Распрощавшись, наконец, с своим каноником, Фузинати догнал русских с прыткостью, необыкновенною в таком старом и больном человеке, и довел их до монумента Леонардо да Винчи, показал им издали, через площадь, вход к Кова и, рассыпавшись в тысяче комплиментов и благодарностей, исчез в галерее Виктора Эммануила, не забыв все-таки схватить из щедрой руки Тесемкина еще лиру.
– Я уверен, что этот Фузинати впятеро богаче меня, – говорил Иван Терентьевич, – но это-то и приятно.
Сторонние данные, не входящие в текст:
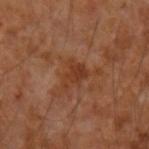Q: Where on the body is the lesion?
A: the left forearm
Q: What are the patient's age and sex?
A: male, aged around 55
Q: What kind of image is this?
A: 15 mm crop, total-body photography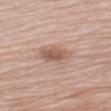Captured during whole-body skin photography for melanoma surveillance; the lesion was not biopsied.
Measured at roughly 4.5 mm in maximum diameter.
An algorithmic analysis of the crop reported a lesion color around L≈60 a*≈18 b*≈27 in CIELAB. The software also gave a within-lesion color-variation index near 5.5/10.
A male patient aged 73–77.
Located on the left upper arm.
A lesion tile, about 15 mm wide, cut from a 3D total-body photograph.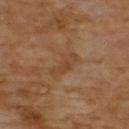This image is a 15 mm lesion crop taken from a total-body photograph. A male subject about 70 years old. Longest diameter approximately 4 mm. Captured under cross-polarized illumination. Located on the back. An algorithmic analysis of the crop reported a lesion color around L≈42 a*≈19 b*≈33 in CIELAB and a lesion-to-skin contrast of about 5.5 (normalized; higher = more distinct). And it measured internal color variation of about 2 on a 0–10 scale and peripheral color asymmetry of about 0.5.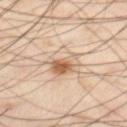Impression:
The lesion was photographed on a routine skin check and not biopsied; there is no pathology result.
Context:
Approximately 5 mm at its widest. The tile uses cross-polarized illumination. From the left thigh. A male patient, in their mid-50s. This image is a 15 mm lesion crop taken from a total-body photograph.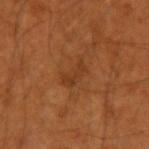Recorded during total-body skin imaging; not selected for excision or biopsy.
A male patient in their 50s.
Approximately 3.5 mm at its widest.
A 15 mm close-up extracted from a 3D total-body photography capture.
On the left upper arm.
The tile uses cross-polarized illumination.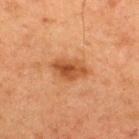Captured during whole-body skin photography for melanoma surveillance; the lesion was not biopsied. A male subject aged approximately 60. Measured at roughly 4.5 mm in maximum diameter. This is a cross-polarized tile. A 15 mm crop from a total-body photograph taken for skin-cancer surveillance. From the upper back.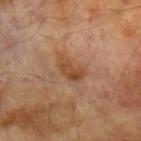The lesion was tiled from a total-body skin photograph and was not biopsied. Cropped from a total-body skin-imaging series; the visible field is about 15 mm. The recorded lesion diameter is about 3.5 mm. A male patient, aged 68 to 72. On the left upper arm.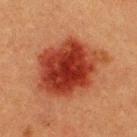Captured during whole-body skin photography for melanoma surveillance; the lesion was not biopsied. About 8.5 mm across. The tile uses cross-polarized illumination. The lesion is located on the upper back. A region of skin cropped from a whole-body photographic capture, roughly 15 mm wide. A male patient approximately 40 years of age. Automated tile analysis of the lesion measured a classifier nevus-likeness of about 100/100.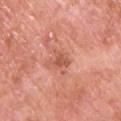Clinical impression:
Imaged during a routine full-body skin examination; the lesion was not biopsied and no histopathology is available.
Acquisition and patient details:
Located on the chest. The patient is a male aged 68–72. A close-up tile cropped from a whole-body skin photograph, about 15 mm across.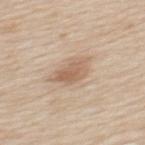Findings:
• notes · imaged on a skin check; not biopsied
• automated metrics · a lesion area of about 7 mm², a shape eccentricity near 0.8, and a symmetry-axis asymmetry near 0.35; a mean CIELAB color near L≈61 a*≈17 b*≈30 and a lesion–skin lightness drop of about 10; a border-irregularity index near 3.5/10, a color-variation rating of about 3.5/10, and peripheral color asymmetry of about 1.5; a nevus-likeness score of about 70/100 and lesion-presence confidence of about 100/100
• subject · male, about 60 years old
• body site · the mid back
• illumination · white-light
• size · about 4 mm
• image source · 15 mm crop, total-body photography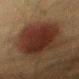Findings:
– biopsy status · total-body-photography surveillance lesion; no biopsy
– acquisition · ~15 mm tile from a whole-body skin photo
– automated lesion analysis · an outline eccentricity of about 0.65 (0 = round, 1 = elongated) and two-axis asymmetry of about 0.15; a border-irregularity index near 2/10 and internal color variation of about 4 on a 0–10 scale
– body site · the arm
– subject · male, in their mid-30s
– diameter · ≈7 mm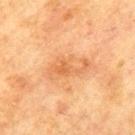Assessment:
This lesion was catalogued during total-body skin photography and was not selected for biopsy.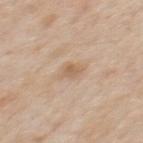Q: Is there a histopathology result?
A: catalogued during a skin exam; not biopsied
Q: Where on the body is the lesion?
A: the back
Q: What is the imaging modality?
A: ~15 mm tile from a whole-body skin photo
Q: Patient demographics?
A: male, aged 58–62
Q: What did automated image analysis measure?
A: a lesion color around L≈61 a*≈16 b*≈32 in CIELAB, about 8 CIELAB-L* units darker than the surrounding skin, and a normalized border contrast of about 6
Q: What lighting was used for the tile?
A: white-light illumination

Нищему на чай дать естественно, но есть нечто гордое в том, что даешь на чай, в некотором роде, барону из «Скупого рыцаря»…
– Ну, положим, он скорее на Плюшкина похож.
– Все равно… Плюшкина от «Скупого рыцаря» только учителя словесности различают.
– А вы заметили, что он не осмелился подвести нас к самому ресторану?
– Очевидно, знают здесь его, филина ночного, – побоялся компрометировать нас пред швейцаром.
– Или, вернее, Фиорину, которая должна к нам прийти. Раз, мол, швейцар заметил, что господ привел Фузинати, то сообразит, что и дама, которая затем будет искать господ, тоже не дама, а девица от Фузинати…
– Удивительный все-таки оборот общественной морали, при котором разврат стыдливо прячется от швейцара в ресторане, и, как ни в чем не бывало, обменивается любезностями с попом!
Великолепный зал Кова производит впечатление даже и на русских, привычных в отечестве своем к грандиозным размерам подобных капищ. Тесемкин огляделся и сразу стал в духе:
– Хоть бы в Москву! – воскликнул он. – Эка – свету-то! Приятное учреждение… Водку бы тут пить. Да, поди, нету?
– Ну, слава Богу, расшевелился, – москвич! А то я, идя сюда, боялся, что вы Леонардо да Винчи проглотите… так зевали!
– Батюшка, да ведь мы же с вами почти не спали. Я в седьмом часу заснул, а в половине одиннадцатого проснулся с кошмаром, ибо стало нестерпимо: до того итальяшки выли и орали во дворе и по галерее… Я думал: в ад попал, или японцы город берут; или бомба взорвалась. А это они белье по перилам развешивали…
– Я меньше вашего спал.
– Ну, положим, будил-то я вас, а не вы меня.
– Да, но мы с Фиориною проговорили именно до тех пор, что уже весь дом проснулся и поднялся на ноги… Действительно, адский гвалт у них по утрам. Словно каждый и каждая, просыпаясь, обрадовались, что не умерли за ночь, и пробуют глотку, живы ли, слышны ли… Надо было так устать, как мы вчера, чтобы задремать под этот крик. Я совершенно не помню, как потерял сознание… Проснулся от вашего стука: Фиорина упала головою на подушку, спит, не раздетая, а Саломея сидит на стуле, бессонная, и глазищами ворочает, как сова. С места всю ночь не сошла, бумажник мой стерегла. Руки на груди скрестила, – совершенно кавас черногорский или албанский. Надо расспросить о ней Фиорину. Оригинальное существо.